Johnny Cash: I See a Darkness was originally published in German in 2006, and has taken three years to be translated and published in English. The translation is strong overall, though a handful of passages make the close reader balk at attempts to produce Southern, rural, blue-collar dialogue. Take for example the narrator’s colloquial style punctuated by “ya” and “cuz” contrasted with more educated constructions and non-contractions that hardly seem consistent.
A reviewer struggles for criteria to judge a work like this. How complete should the biographical side be? How entertaining the dialogue? What does the illustrative side add?
Most of Cash’s biographies (including his own autobiographies) are over 300 pages long.
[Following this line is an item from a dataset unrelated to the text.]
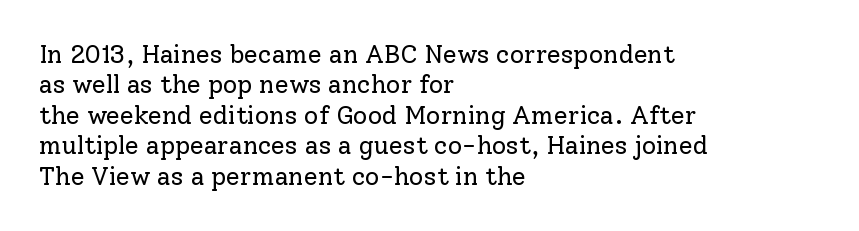
Q: Is the text bold? A: No.
Q: Is the text italic (slanted)? A: No, it is upright.
Q: Is the text underlined? A: No.
Q: How is the paragraph aligned? A: Left-aligned.
Q: Is the spacing between letters normal or unusually wide? A: Normal.

Kleist’s book, weighing in at 221 pages and of course with very little text on most pages (none at all in the last 15), doesn’t aim to be a comprehensive biography, but the question of why certain events and aspects get covered while others remain absent is unavoidable.
One marked difference in Kleist’s treatment of Cash, besides his illustrations, is that he frames the biographical narrative in one major event in Cash’s life: his encounter with inmate Glen Sherly, whose song “Gray Stone Chapel” Cash played and recorded at Folsom prison, and who serves as a kind of narrator from the book’s very beginning. Yet, Kleist still chooses a set of narrative events quite similar to recent pop culture treatments such as the film Walk the Line. The reader accompanies Cash through a briefly treated childhood, emphasizing hard work, hard times, the death of his brother, and a love of music, through his move north to Detroit factory life, to the army, before settling in Memphis with is first wife while he played music and worked as an unsuccessful door-to-door salesman.
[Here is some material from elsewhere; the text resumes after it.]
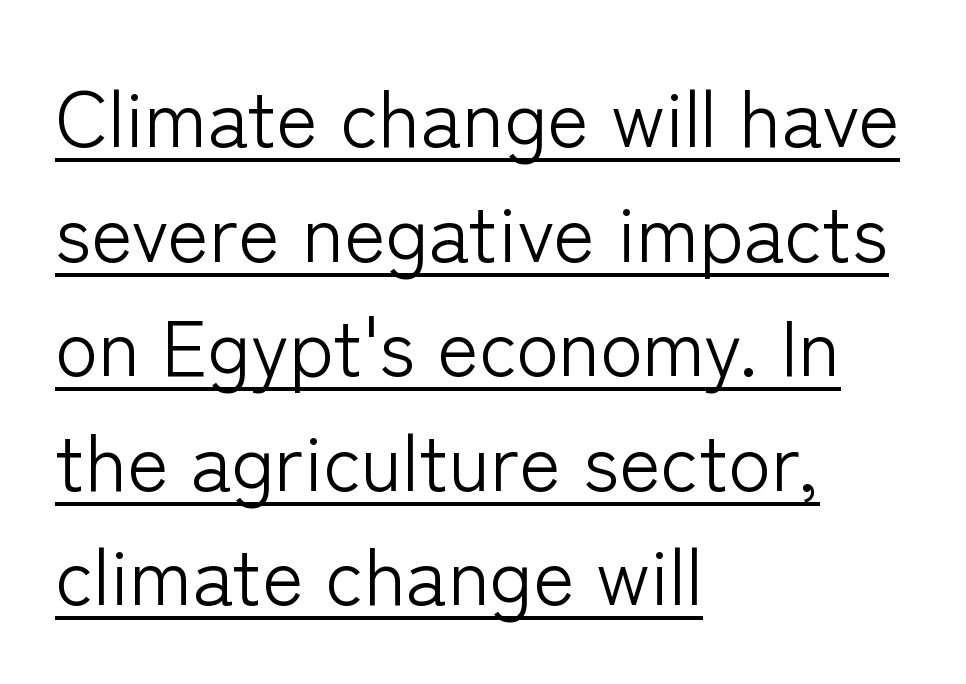
The image shows 79 px light sans-serif type, upright; set left-aligned, normal line spacing (1.45x), normal letter spacing, underlined; low stroke contrast and a medium x-height.

All of that gets 20 pages, while practically the rest of the book is devoted to Cash’s amphetamine addiction, touring, and near fatal self-destructiveness, while the unwaveringly supportive, confident and beautiful June Carter endures these seemingly God-ordained trials of her will. Cash’s first wife and children are almost completely absent. It ends with a consideration of Cash’s now famous American Recordings produced by Rick Rubin. Kleist provides a slight twist on the traditional linear narrative by interjecting illustrative interpretations of well-known Cash songs such as “Boy Named Sue”.
The Man in Black comes off a bit underdeveloped as a character or life (whether you look at it as docu-fiction or biography). The struggles he had as a parent and his devout but troubled Christianity, for example, get only mild suggestions in Kleist’s treatment, just as they received no attention in the Hollywood film staring Joaquin Phoenix (despite the impeccable acting).
Unlike the recent popular film treatment, Kleist’s book gives attention to important and controversial aspects of Cash’s life, such as his championing of Native American causes (signified by his song “The Ballad of Ira Hayes”). Kleist’s account also shows a bit more the side of Cash revealed in his signature song “The Man in Black”, who wears the color for the poor and beaten down, livin in the hopeless hungry side of town”. So, too, is Cash’s concern with redemption nicely depicted, obvious in his desire to perform before prison audiences.
Kleist does better than the popular film but not nearly as well as the major already extant biographical accounts on these more commercially controversial aspects of the legend (which may simply be the limitations of this illustrative form). However, like some other accounts, Kleist’s ends up romanticizing Cash a bit, sympathetically depicting a troubled but strong soul.
The illustrations are the best aspect of this book. Cash the badass, self-destructive, often-loner with a buried heart comes out well in the grimaces and squints, gait and grin. Kleist’s careful brush convincingly captures the creepy crawly feeling of flesh sautéed in amphetamines, which is one of the book’s indisputable highlights, as is his rendering of Cash’s vision of ghost riders in the sky. Ghastly cowboys ride demonic fire-maned horses, condemned to eternally pursue fire-snorting steers across the horizon in a rodeo nightmare, of which Cash, in a lapse of faith perhaps, momentarily imagines himself a part.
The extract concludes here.